— Войдите.
Родной усталый голос. Счастье и боль.
Я медленно открываю дверь.
— Ида⁈
В голосе радость, неверие, в глазах страх и надежда.
Он изменился. За такое короткое время. Как будто даже похудел. Под глазами тёмные круги, вид невыспавшийся и болезненный.
Филипп встал, судорожно сжимая руки, глядя на меня неотрывно. Жадно. Как будто я собиралась бежать, как будто должна испариться.
— Ида…
— Здравствуй, Филипп. Я пришла поговорить.
Быстрым шагом, почти бегом, он приблизился ко мне и обнял крепко-крепко. Шепча моё имя, сжимая, будто потерял навсегда и не чаял уже увидеть.
— Отпусти! — я вырывалась, отпихивала его руками, но на самом деле желая продлить эти объятья как можно дольше. Как дура. Видно, ничему меня жизнь не учит. Как мотылёк летит на огонь, так и я стремлюсь к тому, что меня уничтожает!
На удивление, Филипп отпустил меня. Но не отошёл далеко, встал вплотную, неотрывно глядя на меня.
Моя дрожь и страх куда-то делись. Вытесненные поднимающейся изнутри обидой, яростью.
Обнимает меня! Как ни в чём не бывало!
— Почему? Почему ты не сказал мне? Знаешь, как неприятно, обидно чувствовать себя обманутой? Использованной? И я не понимаю — зачем это тебе? Зачем нужно было — так?
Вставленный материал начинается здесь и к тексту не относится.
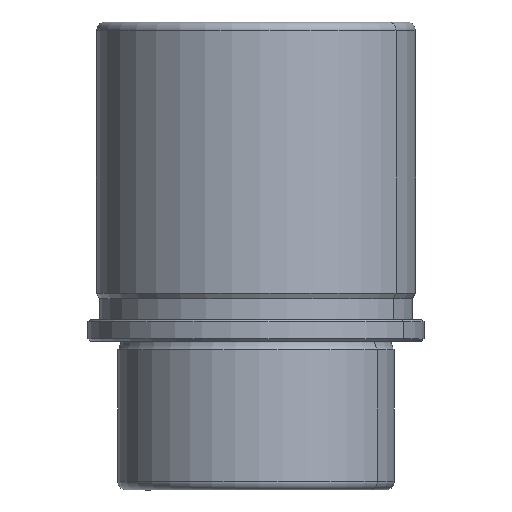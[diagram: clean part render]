
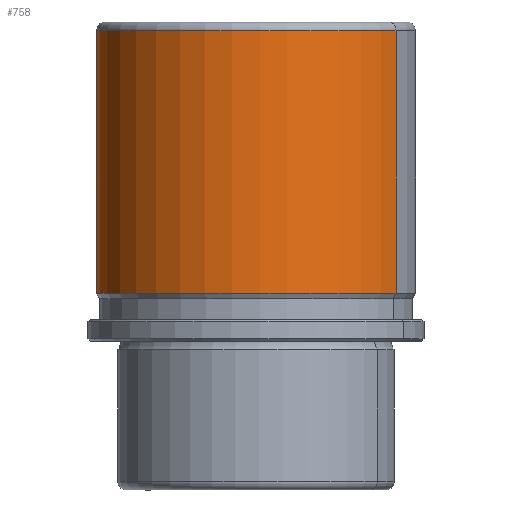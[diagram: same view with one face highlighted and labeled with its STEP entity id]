
A CAD part, front view. The second image highlights one B-rep face of the part: STEP entity #758.
In plain terms, the highlighted cylindrical face has radius 37.5 mm (diameter 75 mm), a partial arc.
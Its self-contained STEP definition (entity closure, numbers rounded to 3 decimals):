
#694=CARTESIAN_POINT('Vertex',(-32.909,17.978,11.212)) ;
#701=CARTESIAN_POINT('Vertex',(32.909,-17.978,11.212)) ;
#716=CARTESIAN_POINT('Axis2P3D Location',(0.,0.,11.212)) ;
#728=CARTESIAN_POINT('Axis2P3D Location',(0.,0.,20.)) ;
#733=CARTESIAN_POINT('Line Origine',(-32.909,17.978,43.106)) ;
#737=CARTESIAN_POINT('Vertex',(-32.909,17.978,73.)) ;
#740=CARTESIAN_POINT('Line Origine',(32.909,-17.978,43.106)) ;
#744=CARTESIAN_POINT('Vertex',(32.909,-17.978,73.)) ;
#747=CARTESIAN_POINT('Axis2P3D Location',(0.,0.,73.)) ;
#717=DIRECTION('Axis2P3D Direction',(-0.,0.,1.)) ;
#729=DIRECTION('Axis2P3D Direction',(0.,0.,-1.)) ;
#730=DIRECTION('Axis2P3D XDirection',(-0.878,0.479,-0.)) ;
#734=DIRECTION('Vector Direction',(0.,0.,-1.)) ;
#741=DIRECTION('Vector Direction',(0.,0.,-1.)) ;
#748=DIRECTION('Axis2P3D Direction',(0.,0.,-1.)) ;
#718=AXIS2_PLACEMENT_3D('Circle Axis2P3D',#716,#717,$) ;
#731=AXIS2_PLACEMENT_3D('Cylinder Axis2P3D',#728,#729,#730) ;
#749=AXIS2_PLACEMENT_3D('Circle Axis2P3D',#747,#748,$) ;
#753=ORIENTED_EDGE('',*,*,#739,.F.) ;
#754=ORIENTED_EDGE('',*,*,#720,.F.) ;
#755=ORIENTED_EDGE('',*,*,#746,.T.) ;
#756=ORIENTED_EDGE('',*,*,#751,.T.) ;
#735=VECTOR('Line Direction',#734,1.) ;
#742=VECTOR('Line Direction',#741,1.) ;
#758=ADVANCED_FACE('PartBody',(#757),#732,.T.) ;
#719=CIRCLE('generated circle',#718,37.5) ;
#750=CIRCLE('generated circle',#749,37.5) ;
#732=CYLINDRICAL_SURFACE('generated cylinder',#731,37.5) ;
#720=EDGE_CURVE('',#702,#695,#719,.F.) ;
#739=EDGE_CURVE('',#695,#738,#736,.F.) ;
#746=EDGE_CURVE('',#702,#745,#743,.F.) ;
#751=EDGE_CURVE('',#745,#738,#750,.T.) ;
#752=EDGE_LOOP('',(#753,#754,#755,#756)) ;
#757=FACE_OUTER_BOUND('',#752,.T.) ;
#736=LINE('Line',#733,#735) ;
#743=LINE('Line',#740,#742) ;
#695=VERTEX_POINT('',#694) ;
#702=VERTEX_POINT('',#701) ;
#738=VERTEX_POINT('',#737) ;
#745=VERTEX_POINT('',#744) ;

Если есть объективные причины — неужели нельзя было мне рассказать?
— А ты бы мне поверила? Доверилась? — он прочитал вспышку сомнения в моих глазах и покачал головой с горькой улыбкой. — Вот видишь…
— Но зачам? Зачем… всё это?
— Не догадываешься? За столько времени — не догадалась?
Его глаза становятся какими-то больными, сумасшедшими. Он хватает меня за плечи и требовательно смотрит, не отводя взгляда. Не к месту я замечаю, что он очень красив. Несмотря на замученный вид. Завороженная его отчаянными, чёрными, глубокими глазами, чувственными губами я забываю, что он спрашивал у меня и молчу.
Тянется время. Филипп не выдерживает.
— Ну же, Ида! Скажи! Ответь! Только честно — неужели ты не поняла, что я всё ещё люблю тебя???
— Что? — кажется, я произношу это вслух. Сердце делает кульбит. — Что ты сказал?
— Я. Тебя. Люблю.
Горечь и сладость. То, чего я ждала. Чего хотела в глубине души. К чему стремилась.
Но, как мотылёк, стремящийся к свету, бьётся о стекло, так и я, всем сердцем стремящаяся к Филиппу, улетаю, оглушённая, в память.
В мою беспощадную память.
Там две раны. Одна — грудастая девка на нашей с ним кровати. Вторая — слова Дмитрия Егоровича — «почему ты ей не сказал». И я закрываюсь.
— Я думала у нас договор. И просто удобные отношения. — говорю, вздёргивая подбородок, и вижу, как потухает, мертвеет в его глазах неистовая надежда. И мне всё ещё больно вместе с ним. Но я не отступлюсь. — И раз я обещала тебе портрет, то я и дорисую его. Если тебе это, конечно, нужно. Но только портрет, больше никаких личных отношений. Но скажи мне одно…
Я пытаюсь отдышаться, а Филипп напряжённо и бесстрастно смотрит на меня.
— Как ко всему этому относится твоя жена? Ей плевать? Или вы, может быть, давно расстались? — в моём голосе, против воли, прорезается горечь и издёвка, хотя я хотела избежать эмоций. Но не могу. — Или она бросила тебя? Одинокого и несчастного?
— Ида… — Филипп почему-то ошеломлён и ошарашен. Он пятится назад, наощупь держится за стол, и падает в кресло. Не сводя с меня изумлённого взгляда. Что конкретно ты тогда услышала?
— Что я могла услышать? Что ты женат, что же ещё! Мне надо было остаться и подслушивать подробности дальше???
Филипп с глухим стоном закрывает лицо.
— Я идиот…
— Не сомневаюсь!
— Ида. Скажи. После того, как ты подала на развод и уехала — ты же меняла паспорт?
Что за странный вопрос?
— Конечно, меняла! Чтобы ничто не напоминало о тебе! Но какое это имеет отношение к делу?
— Да. Мы с женой давно расстались. Ты права. И жена меня бросила. Хотя я и сам виноват. И эта жена… — он помедлил. — Ты. Я всё ещё женат — на тебе.